Over the past couple of years, the evolution of Chicago’s Motorola Mobility division has made headlines time and again. Now things may be settling down: In October, Lenovo Group completed its purchase of the Libertyville-based company from Google, a $2.91 billion deal that guarantees the unit will stay in Chicago. As part of the deal, Google will keep many patents and license them to Lenovo, while about 2,000 patents will go to the latter. Lenovo has struggled to bring its own smartphones into the U.S. market, so this may be its best chance to grow that business on these shores. According to IDC, Motorola Mobility has 10 percent of the U.S. market for smartphones, shipping 11.7 million units in the third quarter, up from 2.5 million a year earlier.

Lenovo may also want to follow the lead of some other suburban companies and plant a flag downtown. “Although we are seeing more businesses growing a presence in the suburbs, they are also opening up locations in the Loop to attract the best technical talent,” said Justin Priest, Chicago managing director of recruiting firm Randstad Technologies. 

Check out the latest tech jobs in Chicago.

Lenovo competitor Dell is also establishing a foothold in Chicago, planning to open a customer-solutions center in the city in early 2015. The facility, which will be one of 15 worldwide, will be a place for enterprise customers and channel partners to try out Dell products.

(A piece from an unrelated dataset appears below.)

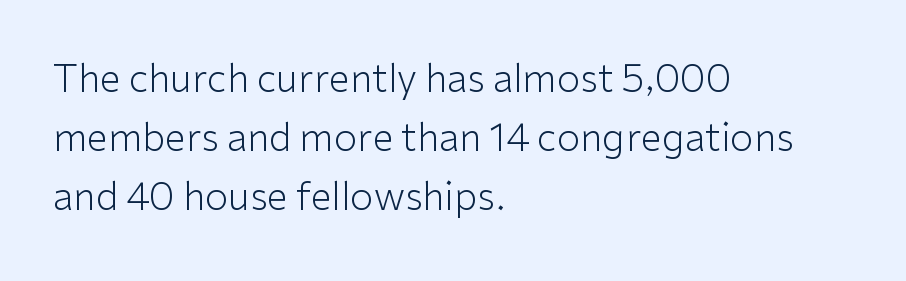
{"serif": "no", "italic": "no", "bold": "no", "weight": "light", "width": "normal", "stroke_contrast": "low", "x_height": "medium", "monospaced": "no", "underline": "no", "align": "left", "line_spacing": "normal", "line_spacing_ratio": 1.55, "letter_spacing": "normal", "letter_spacing_em": 0.0, "glyph_px": 38}

Chicago’s healthcare IT market will get a big boost when Matter, a new healthcare tech incubator opening soon at the Merchandise Mart, gets up and running. It has selected its first 10 startups, all of which are from the Chicago area. Up to 200 people may end up working at Matter, with most companies expected to have between one and 10 employees. Half the startups were founded by doctors, four were created by serial entrepreneurs, and three have been through accelerator programs. The list:

  • AltaThera Pharmaceuticals
  • Caretree
  • CancerIQ
  • Coeus Health
  • ProVazo,
  • Qualia Health
  • Regroup Therapies
  • Resonance Medical
  • Sparrow Pharmaceuticals
  • TeleHealth Robotics

One startup that’s already seen big success is Big-Data innovator 640 Labs, which was bought by San Francisco-based Climate Corp., a technology unit of Monsanto. The company uses GPS, wireless, and mobile tech to give farmers data on crops and equipment. Climate Corp. has about 700 employees and plans to recruit more workers in Chicago and look for a larger space. “Chicago’s got great talent in data analytics and mobile software development,” co-founder Corbett Kull told the Chicago Business Journal.

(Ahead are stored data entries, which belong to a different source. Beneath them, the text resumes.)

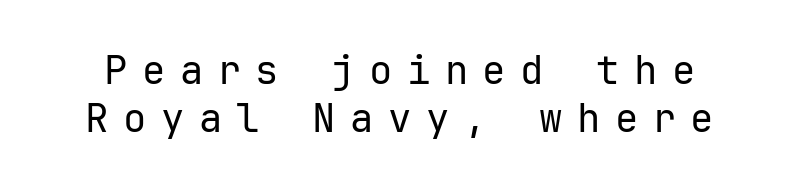
{"serif": "no", "italic": "no", "bold": "no", "weight": "regular", "width": "normal", "stroke_contrast": "low", "x_height": "medium", "monospaced": "yes", "underline": "no", "line_spacing_ratio": 1.23, "letter_spacing": "wide", "letter_spacing_em": 0.37, "glyph_px": 39}
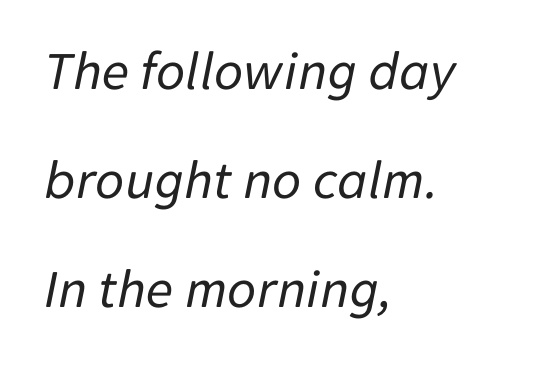
The image shows 56 px regular-weight type, italic (leaning right); set left-aligned, loose line spacing (1.95x), normal letter spacing, not underlined; low stroke contrast and a medium x-height.
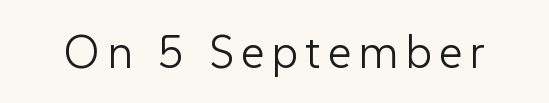
The image shows 46 px light sans-serif type, upright; set not underlined; low stroke contrast and a medium x-height.

Archer-Daniels-Midland (ADM), on the other hand, is heading out of town, building an IT center that will create 200 high-paying jobs in the Cincinnati area, far away from its Chicago headquarters. One thing ADM will miss is AT&T’s gigabit Internet service, which is on its way.

Skills in Demand

“We’ve seen a spike in direct hires as opposed to contingency workers, depending on the complexity of the technical environment and the organization’s size,” Randstad’s Priest said. “If the ramp time is longer than a few weeks, companies typically don’t see the value in bringing in a resource for 18 to 24 months only to watch that knowledge walk out the door. Instead, they’re shifting their approach and hiring more full-time employees.”

What skills are hot? “We continue to see a lot of demand in the development realm,” Priest added. “That includes Java, Ruby, Python, front end technologies, mobile, and .NET. There’s also demand for QA automation, security, and project management.”

According to IT recruiting firm Robert Half Technology, 60 percent of Chicago technology executives surveyed said that network administration is among the skill sets in greatest demand within their IT departments, followed by database management and Windows administration.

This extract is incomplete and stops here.